Much attention has been paid recently to the latest government-sponsored, draft civil procedure amendment, which, piggybacking on the e-bidding solutions regulations, proposes amendments to the COVID-19 acts introducing temporary solutions regarding, among others, the functioning of civil courts.
The draft has just been submitted to the Sejm. However, it must have been intensely debated previously, since the proposed changes only have one day’s vacatio legis. The new rules introduced by the draft are intended to remain in effect up to one year following the end of the epidemic. Therefore, for the time being, there is no telling how long they will last and whether the half-baked solution will prove – as they often do – permanent.
Online Hearing – a New Standard
According to the draft, remote court sessions are becoming the new normal. If this is impossible, a matter can be heard in a non-public court session. However, a physical hearing will only be held if the court deems it “necessary” and if holding it will not cause a health hazard. In addition, a case can only be heard by a panel of one in both instances.

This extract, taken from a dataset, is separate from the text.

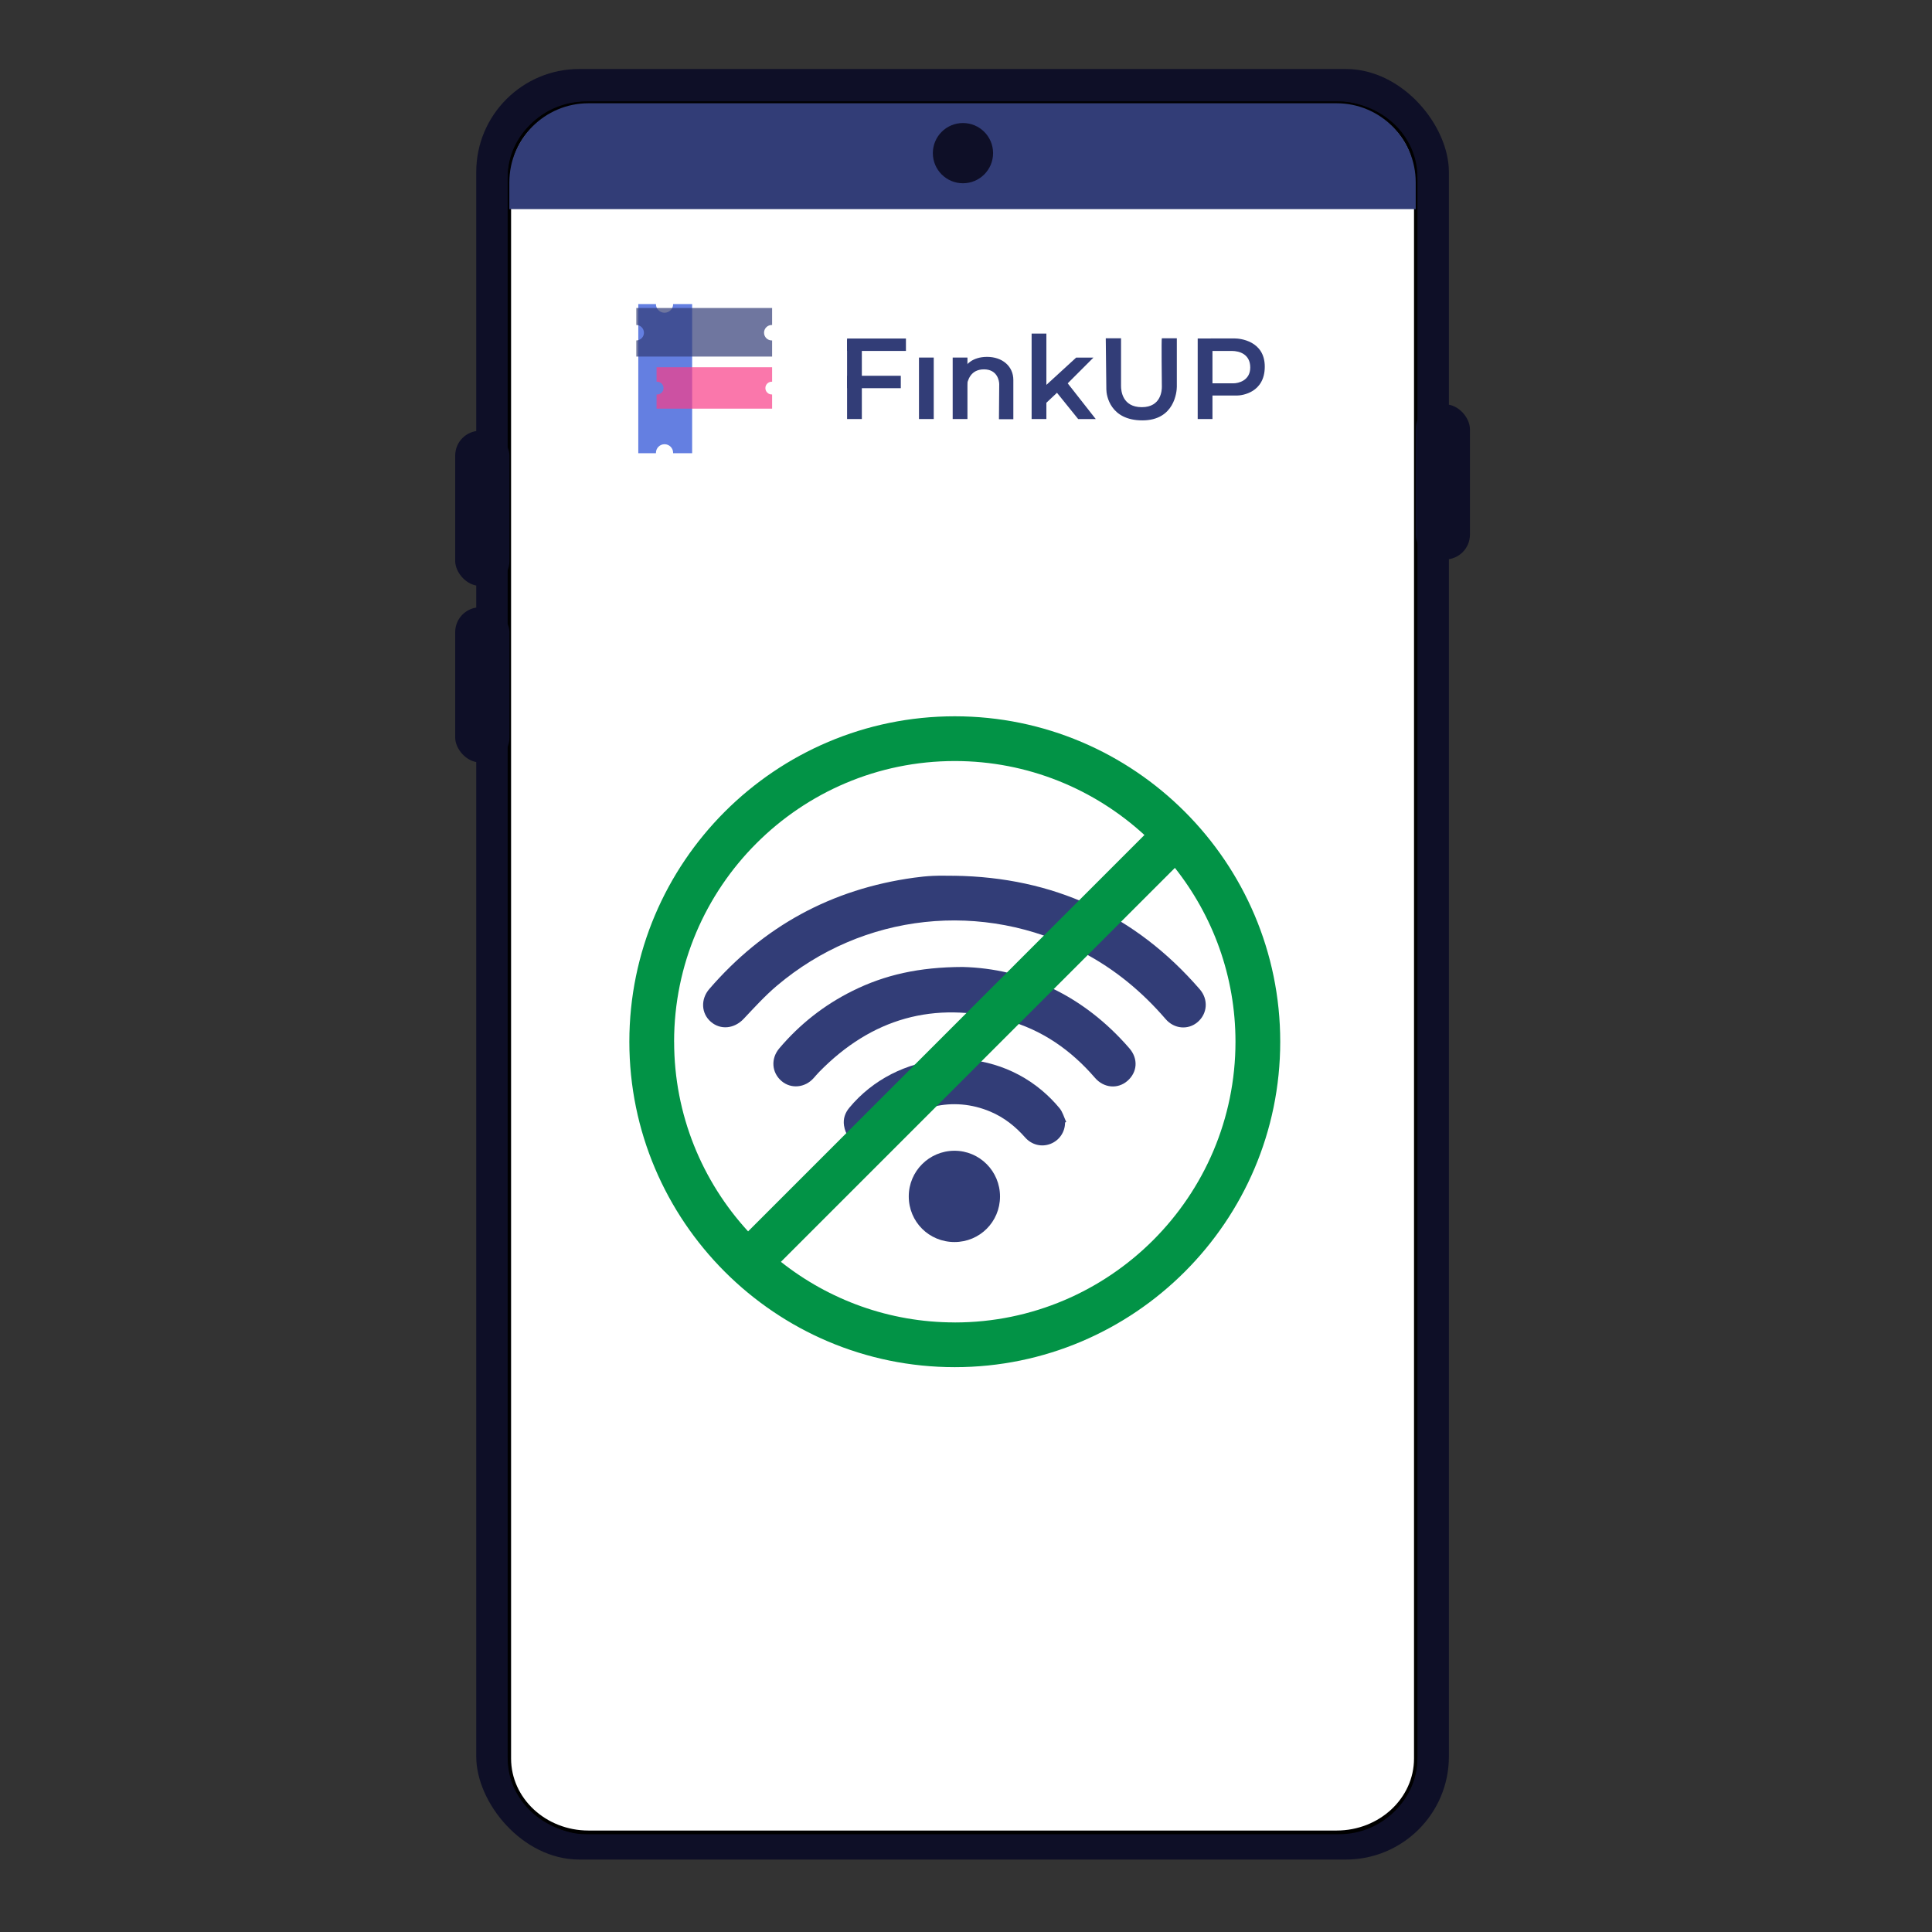 <?xml version="1.0" encoding="UTF-8"?><svg id="Layer_1" xmlns="http://www.w3.org/2000/svg" viewBox="0 0 560 560"><rect x="0" y="0" width="560" height="560" fill="#333333" stroke="none"/><defs><style>.cls-1{fill:#647fe1;}.cls-1,.cls-2,.cls-3,.cls-4,.cls-5,.cls-6{stroke-width:0px;}.cls-2{fill:#029346;}.cls-7{stroke-width:.98px;}.cls-7,.cls-8{fill:#fff;stroke:#000;}.cls-7,.cls-8,.cls-9{stroke-miterlimit:10;}.cls-8{stroke-width:.98px;}.cls-3{fill:#0e0f27;}.cls-4,.cls-5{fill:#323d77;}.cls-4,.cls-6{opacity:.7;}.cls-6{fill:#f93e88;}.cls-9{fill:none;stroke:#323d77;stroke-width:2.94px;}</style></defs><rect class="cls-3" x="138.04" y="20" width="281.93" height="519" rx="29.86" ry="29.86"/><rect class="cls-7" x="147.64" y="29.92" width="262.71" height="501.24" rx="22.14" ry="22.14"/><path class="cls-8" d="M170.59,29.92h216.82c12.67,0,22.94,9.57,22.94,21.37v458.42c0,11.8-10.27,21.37-22.94,21.37h-216.82c-12.67,0-22.94-9.57-22.94-21.37V51.29c0-11.8,10.27-21.37,22.94-21.37Z"/><line class="cls-9" x1="170.35" y1="40.1" x2="195.7" y2="40.1"/><line class="cls-9" x1="170.35" y1="48.33" x2="195.7" y2="48.33"/><path class="cls-5" d="M147.64,60.61v-7.74c0-12.67,10.27-22.94,22.94-22.94h216.83c12.67,0,22.94,10.27,22.94,22.94v7.74"/><circle class="cls-3" cx="279.12" cy="44.39" r="8.73"/><rect class="cls-3" x="131.94" y="124.86" width="15.71" height="44.96" rx="7.2" ry="7.2"/><rect class="cls-3" x="131.94" y="176.03" width="15.71" height="44.96" rx="7.2" ry="7.2"/><rect class="cls-3" x="410.36" y="117.2" width="15.71" height="44.96" rx="7.2" ry="7.2"/><path class="cls-5" d="M276.69,253.84c28.52.44,52.32,11.26,71.06,32.9,2.56,2.95,2.25,7.06-.61,9.51-2.72,2.34-6.77,2.04-9.27-.86-6.81-7.91-14.71-14.46-23.97-19.32-29.02-15.23-63.73-11.5-88.73,9.66-3.45,2.92-6.51,6.3-9.62,9.59-2.69,2.85-6.66,3.31-9.5.86-2.81-2.42-3.02-6.54-.46-9.51,15.71-18.2,35.47-28.97,59.29-32.26,1.87-.26,3.75-.46,5.63-.54,2.06-.09,4.12-.02,6.19-.02Z"/><path class="cls-5" d="M279.05,280.28c18.03.47,34.97,8.17,48.31,23.58,2.63,3.04,2.32,6.96-.6,9.47-2.78,2.39-6.8,2.07-9.37-.91-6.96-8.06-15.39-13.96-25.68-16.74-20.96-5.66-39.07-.5-54.25,15.01-.56.58-1.09,1.2-1.62,1.8-2.5,2.82-6.55,3.2-9.29.87-2.89-2.46-3.19-6.52-.66-9.5,5.94-7.01,13.02-12.58,21.25-16.66,9.33-4.63,19.22-6.88,31.91-6.92Z"/><path class="cls-5" d="M308.71,325.38c0,2.75-1.66,5.17-4.21,6.17-2.57,1-5.42.33-7.35-1.84-2.83-3.21-6.1-5.81-10.07-7.49-10.82-4.59-22.76-1.74-30.81,7.35-1.91,2.16-4.29,2.94-7.04,2.1-2.65-.8-4.18-2.71-4.59-5.44-.29-1.92.29-3.64,1.53-5.13,13.78-16.62,39.14-18.97,55.73-5.12,1.88,1.57,3.65,3.34,5.21,5.23.92,1.11,1.31,2.66,1.94,4-.12.05-.23.11-.35.16Z"/><path class="cls-5" d="M276.67,360.01c-7.39,0-13.27-5.86-13.26-13.25,0-7.27,5.91-13.18,13.2-13.21,7.33-.03,13.27,5.93,13.25,13.29-.02,7.32-5.88,13.17-13.19,13.17Z"/><path class="cls-2" d="M276.75,207.62c-52.01,0-94.33,42.32-94.33,94.33s42.32,94.33,94.33,94.33,94.33-42.32,94.33-94.33-42.32-94.33-94.33-94.33ZM195.39,301.95c0-44.86,36.5-81.36,81.36-81.36,21.17,0,40.48,8.14,54.97,21.44l-114.88,114.89c-13.3-14.49-21.44-33.79-21.44-54.97ZM276.75,383.31c-19.02,0-36.53-6.58-50.4-17.56l114.2-114.19c10.98,13.87,17.56,31.38,17.56,50.4,0,44.86-36.5,81.36-81.36,81.36Z"/><rect class="cls-5" x="245.53" y="98.12" width="17.06" height="3.6"/><rect class="cls-5" x="245.53" y="108.92" width="15.57" height="3.6"/><rect class="cls-5" x="236.17" y="107.83" width="23" height="4.28" transform="translate(137.7 357.63) rotate(-90)"/><rect class="cls-5" x="259.6" y="110.41" width="17.82" height="4.28" transform="translate(155.96 381.06) rotate(-90)"/><rect class="cls-5" x="269.37" y="110.41" width="17.82" height="4.28" transform="translate(165.73 390.83) rotate(-90)"/><rect class="cls-5" x="288.77" y="106.94" width="24.77" height="4.28" transform="translate(192.08 410.23) rotate(-90)"/><rect class="cls-5" x="337.62" y="107.65" width="23.35" height="4.28" transform="translate(239.51 459.08) rotate(-90)"/><path class="cls-5" d="M280.04,105.97s1.64-2.53,6.06-2.53,7.62,2.7,7.62,6.7v11.37h-4.17s.08-9.18.08-10.15-.55-4.3-4.42-4.3-4.76,3.12-5.05,5.01l-.13-6.11Z"/><polygon class="cls-5" points="302.83 111.99 311.93 103.65 316.94 103.65 309.48 111.11 317.61 121.47 312.52 121.47 306.37 113.85 302.7 117.3 302.83 111.99"/><path class="cls-5" d="M320.52,98.05h4.42v13.86c0,1.35.38,6.11,6.02,6.11s5.81-4.97,5.81-5.9-.17-14.07,0-14.07h4.34v14.03c0,1.43-.67,9.77-9.98,9.77s-10.45-7.2-10.45-8.97-.17-14.83-.17-14.83Z"/><path class="cls-5" d="M350.97,98.1h6.95c1.43,0,8.68.67,8.68,8.17s-6.53,8.38-8.09,8.38h-7.79v-3.54h6.78c1.47,0,4.89-.8,4.89-4.59s-3.03-4.8-5.39-4.8h-6.23l.21-3.62Z"/><path class="cls-1" d="M200.62,88.13v43.24h-5.51s0-.08,0-.12c0-1.38-1.12-2.49-2.49-2.49s-2.49,1.12-2.49,2.49c0,.04,0,.08,0,.12h-5.12v-43.24h5.12v.03c0,1.38,1.12,2.49,2.49,2.49s2.49-1.12,2.49-2.49v-.03h5.51Z"/><path class="cls-6" d="M221.85,112.49c0,1.02.83,1.85,1.85,1.85.03,0,.06,0,.1,0v4.11h-33.49v-4.11c.05,0,.11,0,.17,0,1.02,0,1.85-.83,1.85-1.85s-.83-1.85-1.85-1.85c-.06,0-.11,0-.17,0v-4.19h33.49v4.19s-.06,0-.1,0c-1.02,0-1.85.83-1.85,1.85Z"/><path class="cls-4" d="M221.46,96.44c0,1.24,1.01,2.24,2.24,2.24.03,0,.06,0,.1,0v4.68h-39.36v-4.68c1.22-.02,2.21-1.01,2.21-2.24s-.99-2.23-2.21-2.24v-4.93h39.36v4.93s-.06,0-.1,0c-1.24,0-2.24,1-2.24,2.24Z"/></svg>

Service by Email – Vague Rules
What seems to raise the most eyebrows is the legislator tackling the issue of service by email. As per the draft, the first pleading in a matter, filed by a professional attorney, must include their firm email address and telephone number. In the absence of an electronic platform system, the court will serve digital images of pleadings, notifications, summons and rulings upon an attorney-at-law, patent ombudsman or the General Counsel to the Republic of Poland to the designated firm email address.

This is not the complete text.